Given entries:
—————
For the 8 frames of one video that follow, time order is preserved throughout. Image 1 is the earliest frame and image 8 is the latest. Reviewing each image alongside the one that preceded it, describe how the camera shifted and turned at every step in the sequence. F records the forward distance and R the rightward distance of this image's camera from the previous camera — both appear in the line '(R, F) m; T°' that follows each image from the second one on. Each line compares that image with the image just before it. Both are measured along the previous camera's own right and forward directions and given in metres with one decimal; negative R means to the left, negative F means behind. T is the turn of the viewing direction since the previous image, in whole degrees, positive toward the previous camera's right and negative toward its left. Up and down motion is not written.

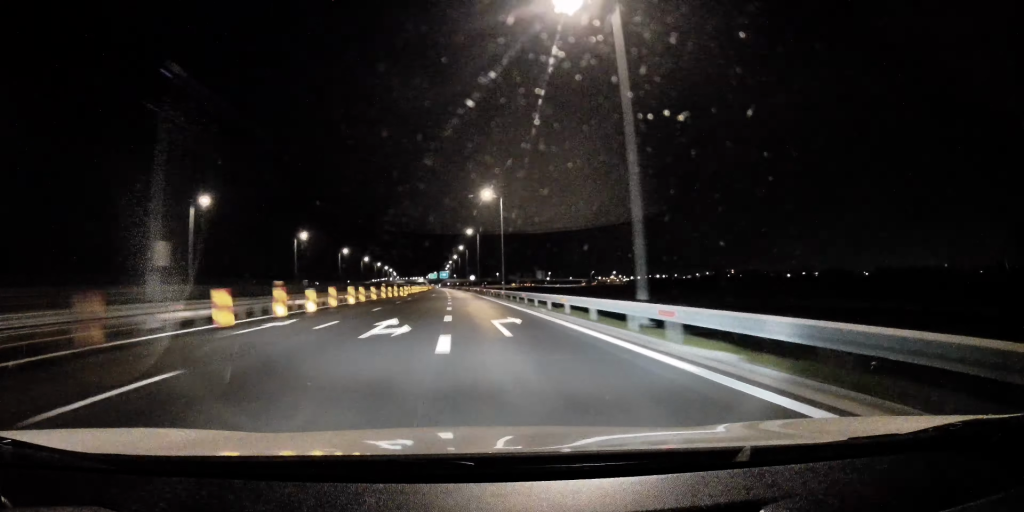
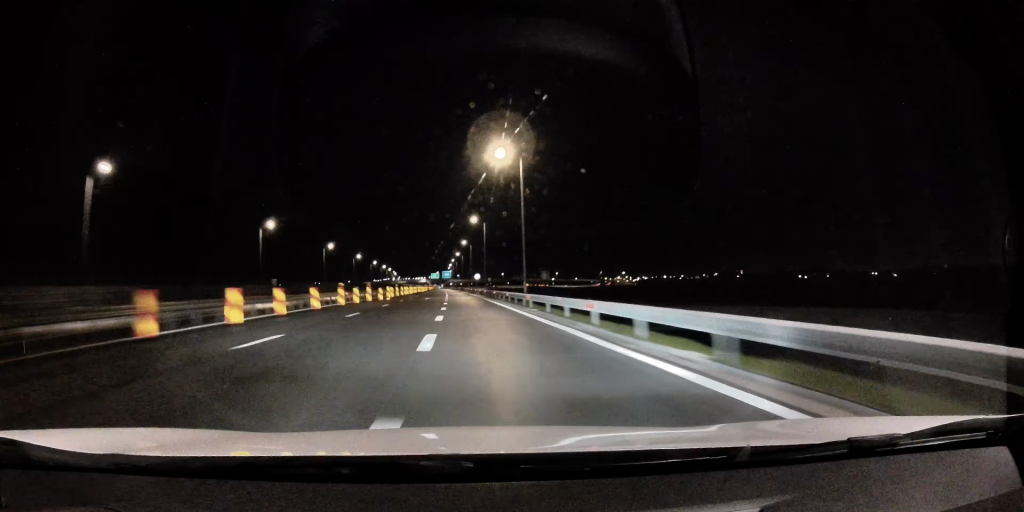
(+0.2, +17.7) m; +1°
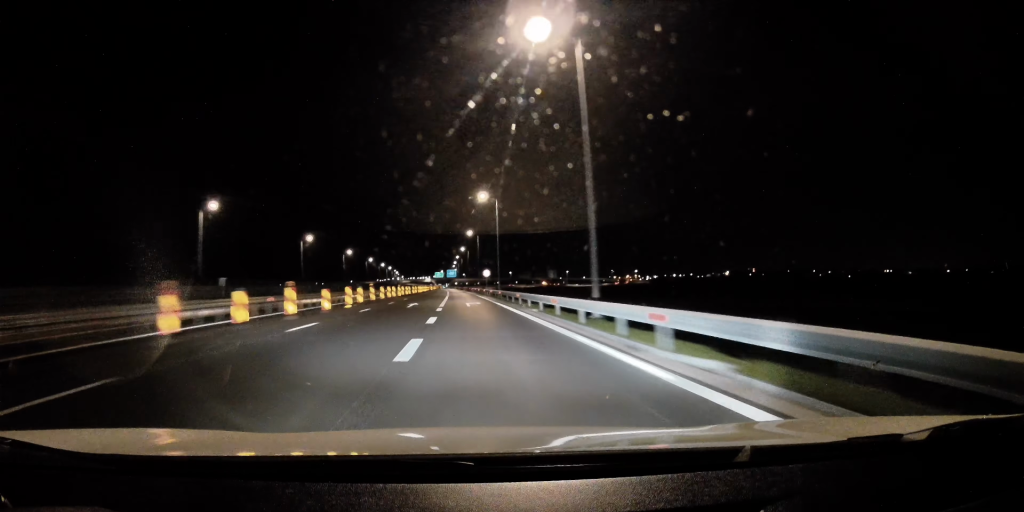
(0.0, +19.4) m; -1°
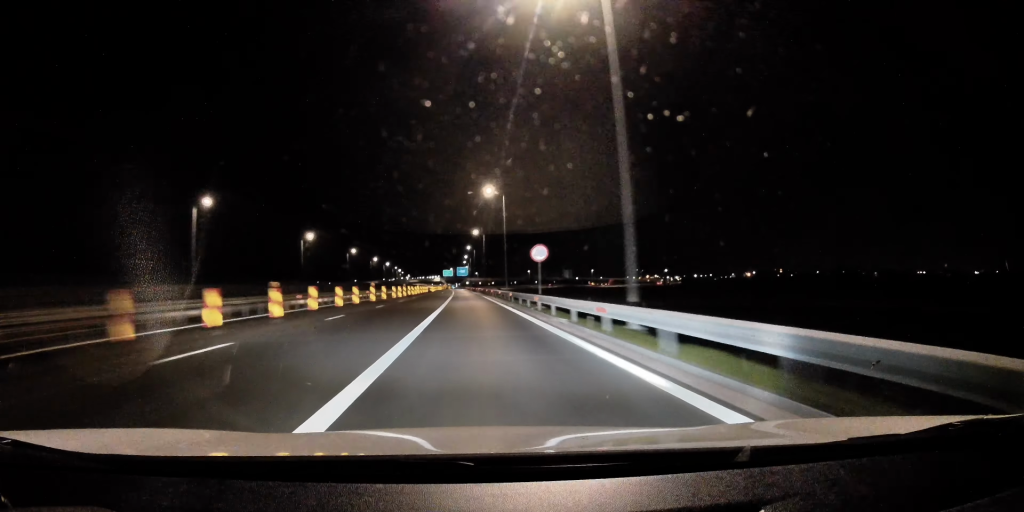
(-1.6, +42.9) m; -3°
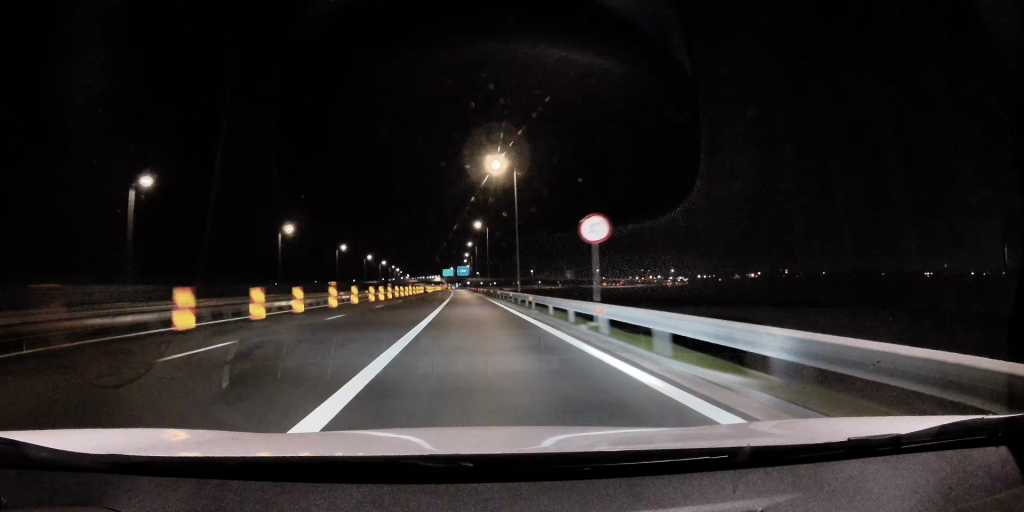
(0.0, +11.8) m; 0°
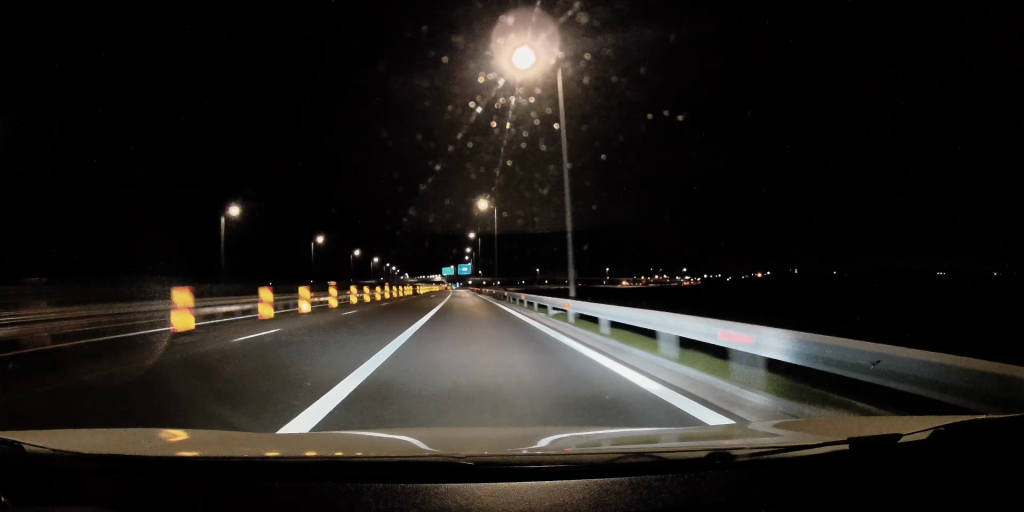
(0.0, +20.5) m; +1°
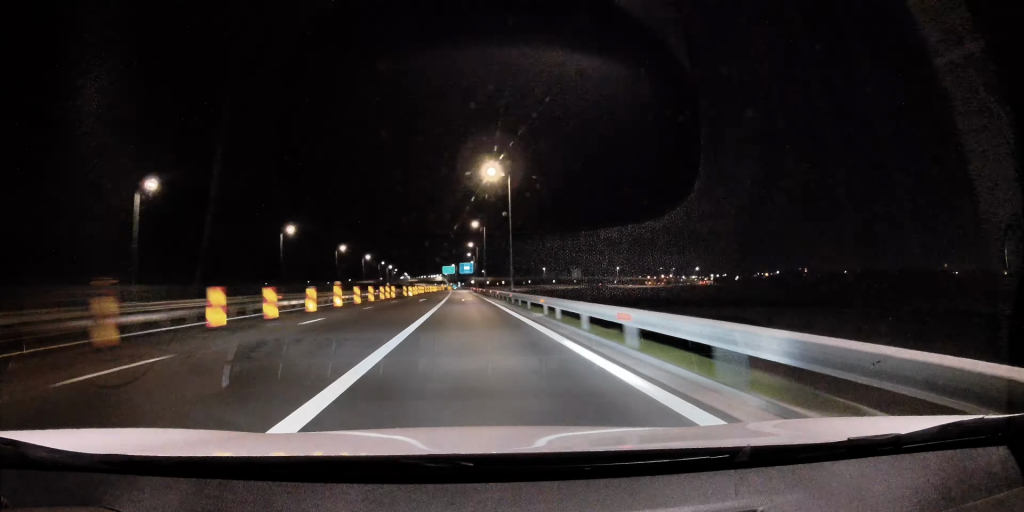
(+0.2, +18.1) m; 0°
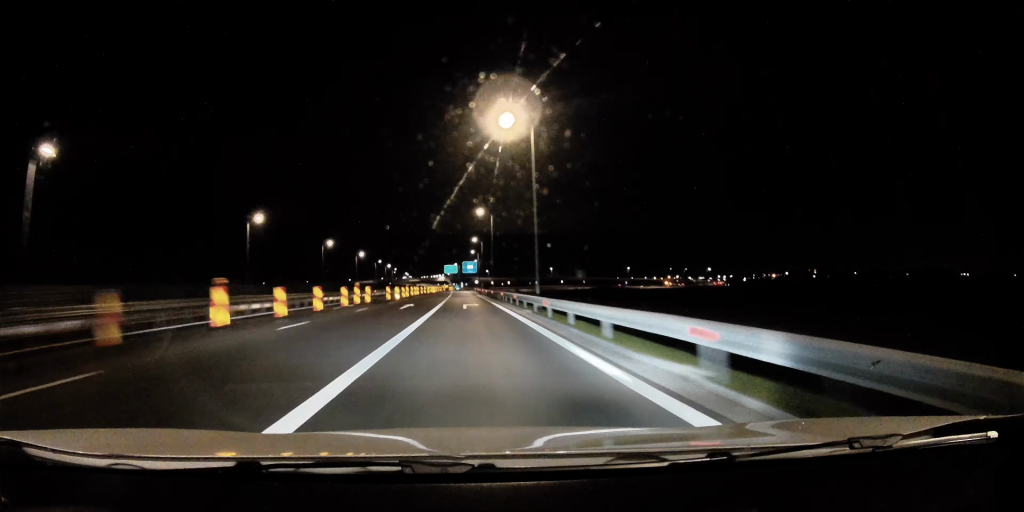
(0.0, +14.2) m; 0°
—————
Exercise instructions: Transcribe each entry above without alteration, but keep the pictures out.

Exercise solution:
For the 8 frames of one video that follow, time order is preserved throughout. Image 1 is the earliest frame and image 8 is the latest. Reviewing each image alongside the one that preceded it, describe how the camera shifted and turned at every step in the sequence. F records the forward distance and R the rightward distance of this image's camera from the previous camera — both appear in the line '(R, F) m; T°' that follows each image from the second one on. Each line compares that image with the image just before it. Both are measured along the previous camera's own right and forward directions and given in metres with one decimal; negative R means to the left, negative F means behind. T is the turn of the viewing direction since the previous image, in whole degrees, positive toward the previous camera's right and negative toward its left. Up and down motion is not written.

(+0.2, +17.7) m; +1°
(0.0, +19.4) m; -1°
(-1.6, +42.9) m; -3°
(0.0, +11.8) m; 0°
(0.0, +20.5) m; +1°
(+0.2, +18.1) m; 0°
(0.0, +14.2) m; 0°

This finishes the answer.